Dalam kegelapan gua yang sunyi hanya senyap-senyap suara aliran air terdengar. Sebuah headlamp atau senter kepala yang digunakan Arif sesekali meneropong suasana dalam gua.
Saya memperhatikan bebatuan sekitar. Ada batu berwarna putih susu. Paling menyolok di antara batu lainnya yang terendam air di tepi sungai.
Warna dan pemukaannya licin mirip juga batu tawas. Saya mencoba menariknya ke atas tapi batu itu tak bergeming.
Ada lagi batu yang serupa di dekatnya, saya coba tarik tapi tak juga bergerak. Sepertinya batu putih itu melekat dengan bebatuan di lantai sungai.
Beberapa menit kemudian, kilatan lampu muncul dari seberang gua. Pak Amir rupanya sudah kembali bersama Eki dan Imran.
Terowongan Kembar
Kami pun kembali menuju arah mulut gua.
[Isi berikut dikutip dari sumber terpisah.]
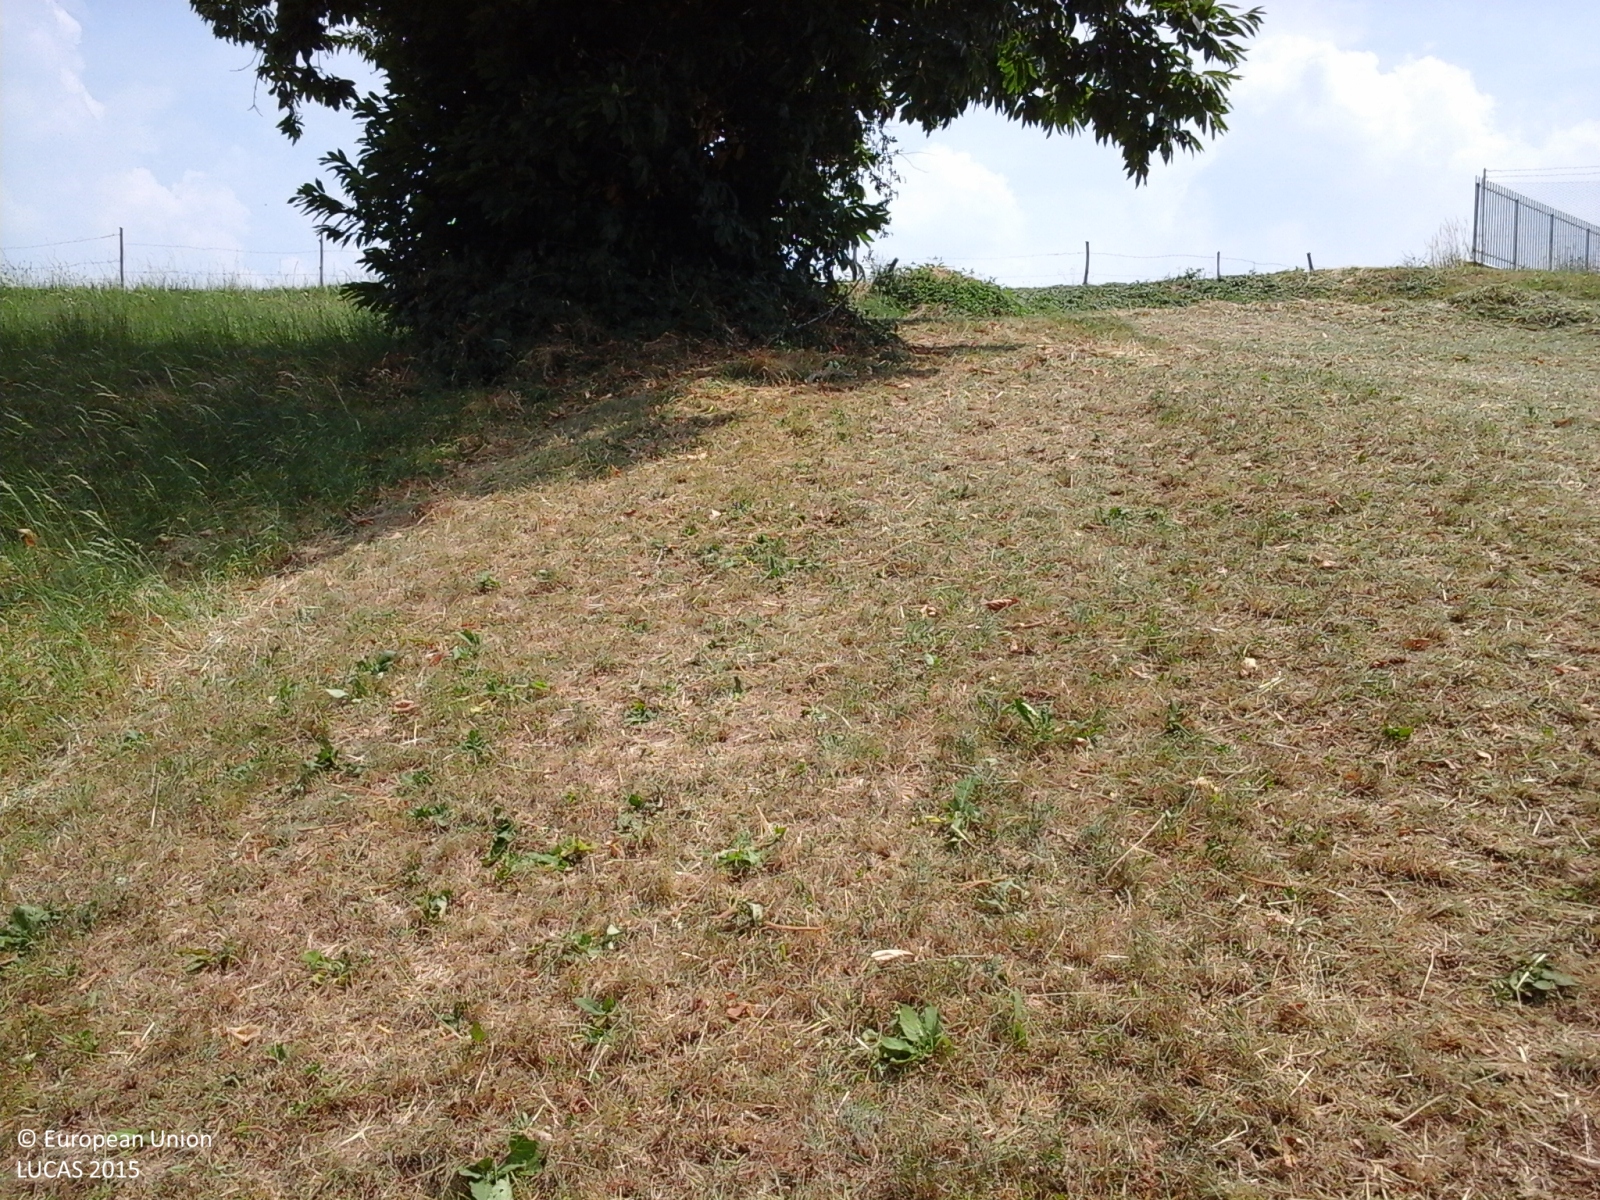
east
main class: Grassland
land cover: Grassland with sparse tree/shrub cover
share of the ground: > 75 %
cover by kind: herbaceous plants 85 %, shrubs 10 %, broadleaved forest trees 5 %
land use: Agriculture (excluding fallow land and kitchen gardens)
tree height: > 5 m
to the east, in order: Grassland with sparse tree/shrub cover; Paved roads, cycling and walking lanes; Fences; Grassland without tree/shrub cover; Artificial constructions in urban areas
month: July
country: IT
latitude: 45.5894
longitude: 11.0366
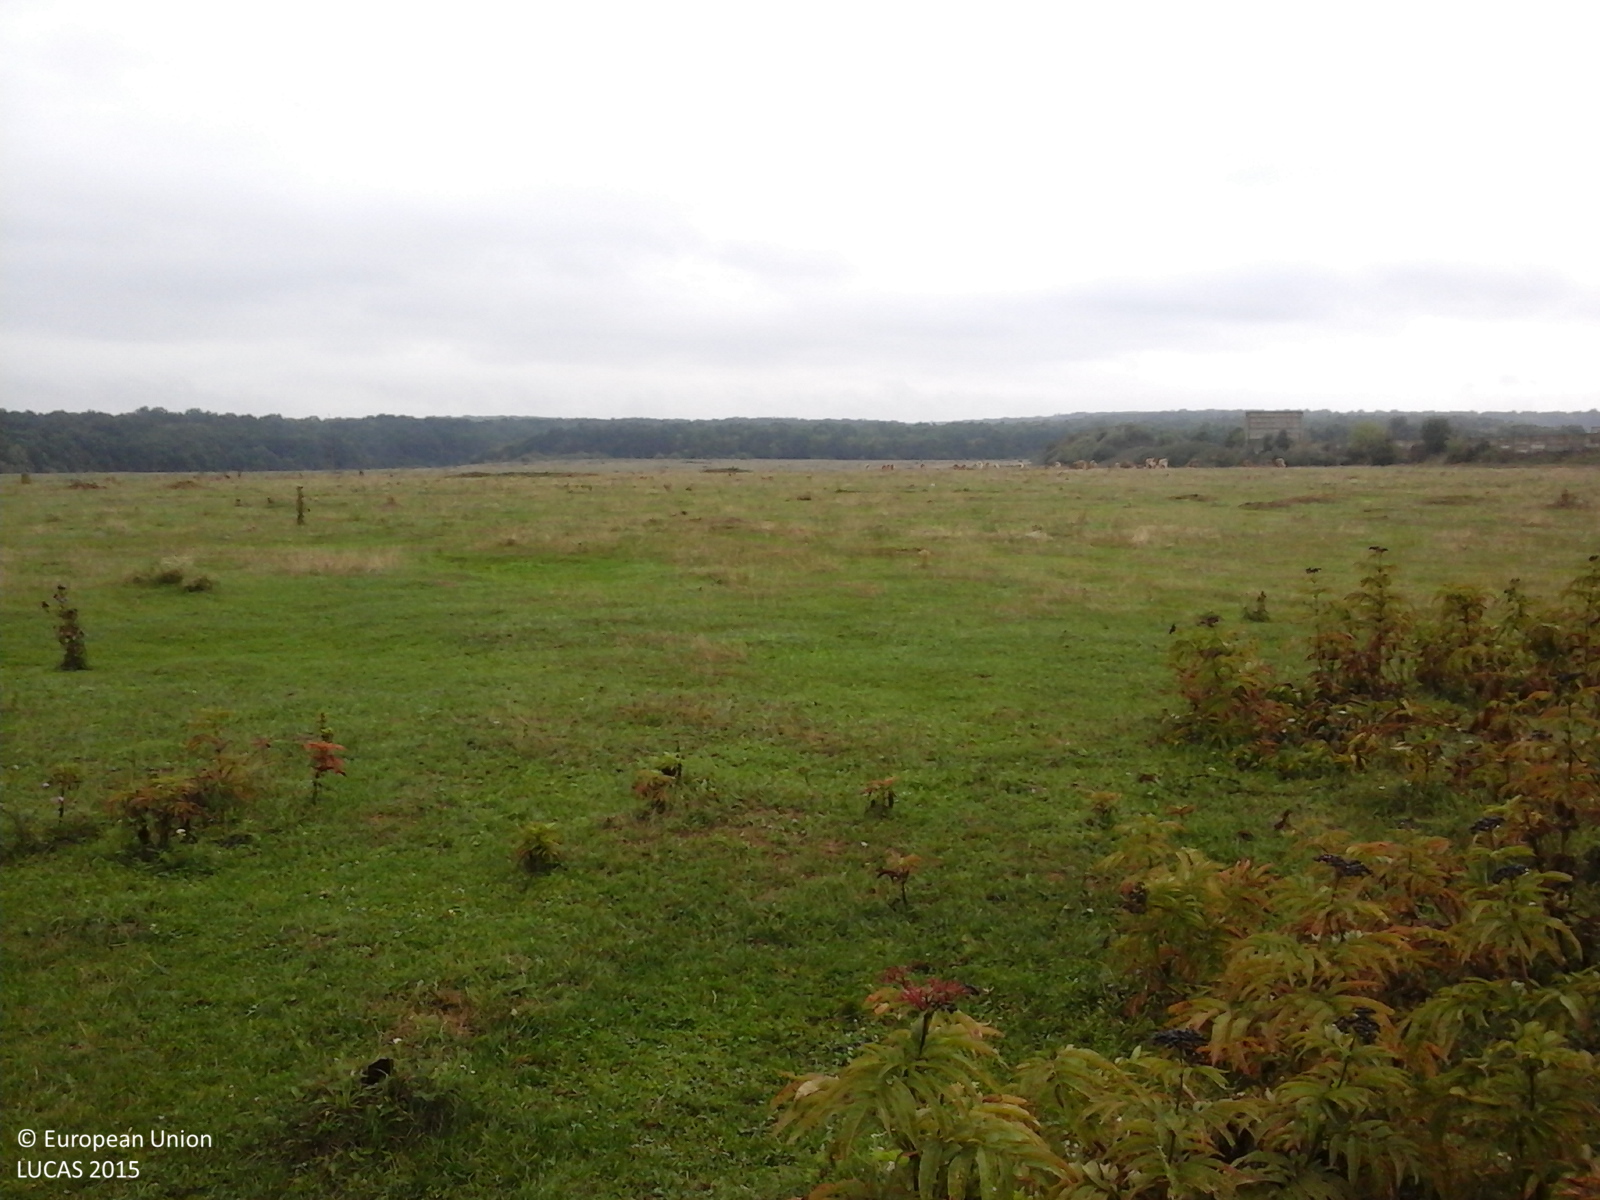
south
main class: Grassland
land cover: Grassland without tree/shrub cover
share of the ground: > 75 %
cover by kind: herbaceous plants 100 %
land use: Agriculture (excluding fallow land and kitchen gardens)
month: September
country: RO
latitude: 46.9892
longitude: 21.9456
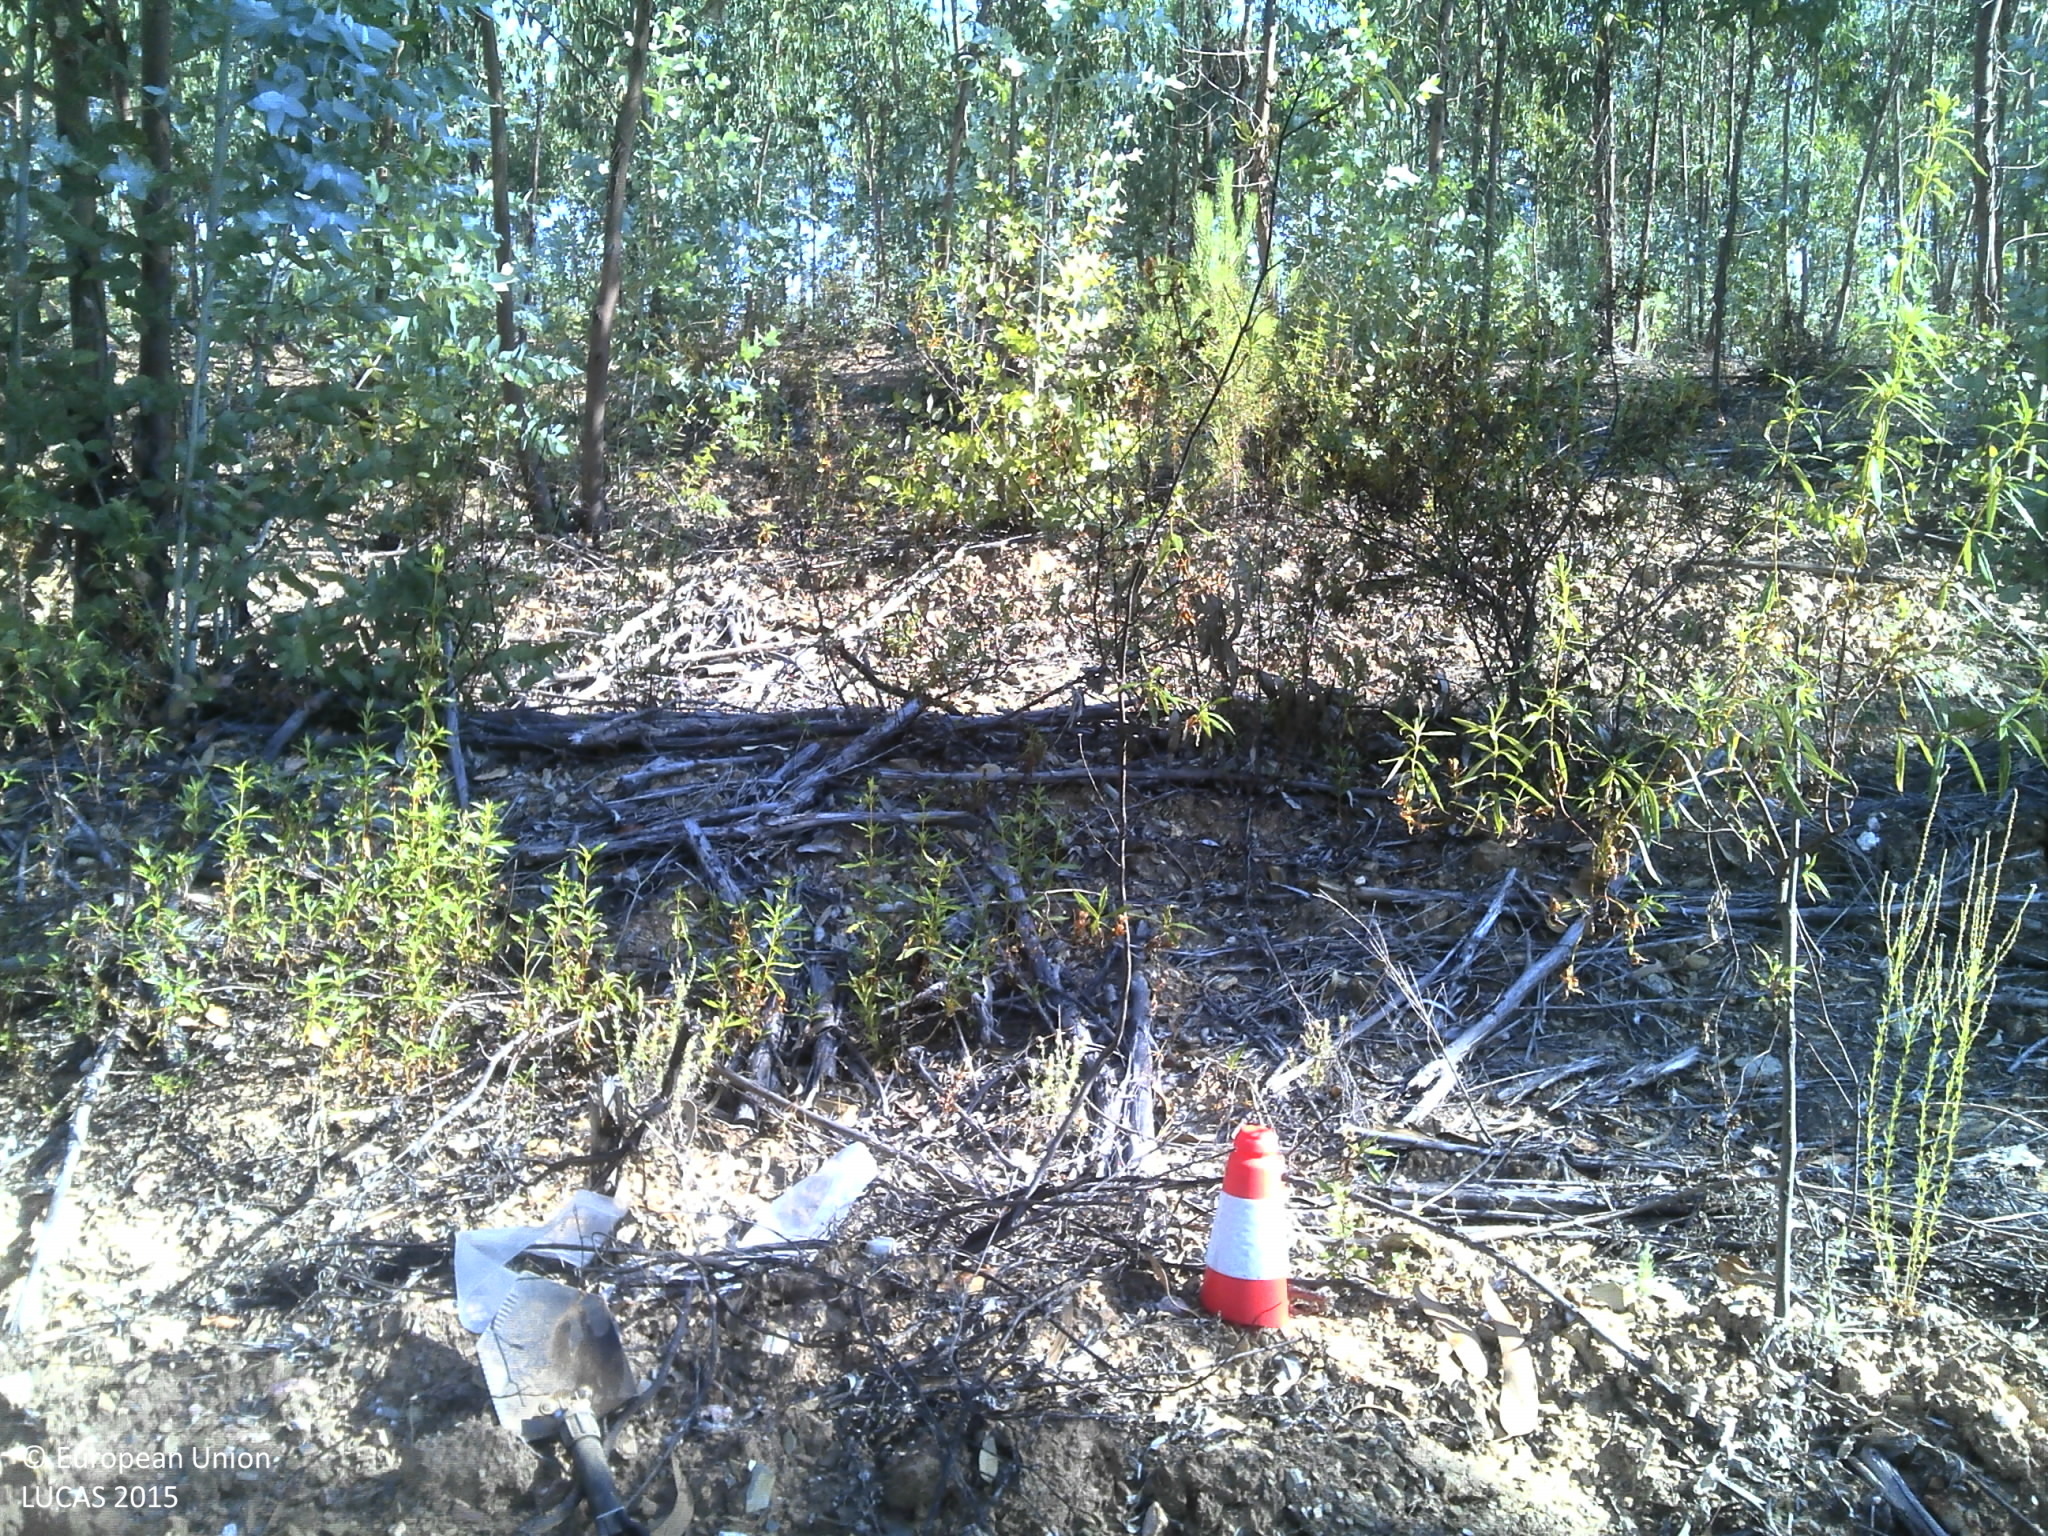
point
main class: Woodland
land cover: Broadleaved woodland
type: exotic forest
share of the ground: 25 - 50 %
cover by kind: broadleaved forest trees 50 %, unconsolidated bare surface 35 %, shrubs 15 %
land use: Forestry
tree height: > 5 m
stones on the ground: 10 - 25 %
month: July
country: PT
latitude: 39.7782
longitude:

Tiba di depan dua terowongan gua tadi, Imran melintas ke seberang lagi.
Ternyata dia mengecek sebuah lorong dalam gua. Saya pikir tidak ada lorong gua disitu karena ruangan gua di sekitar dua terowongan tadi begitu gelap.
Imran kemudian mengajak kami menyeberang dan masuk ke lorong gua tersebut. Sepertinya seluk beluk dalam gua Makkaraowe ini sudah lama diketahui Imran.
Di mulut lorong gua itu terdapat beberapa batang pohon berukuran besar yang menutup sebagian ruang masuk ke dalam gua.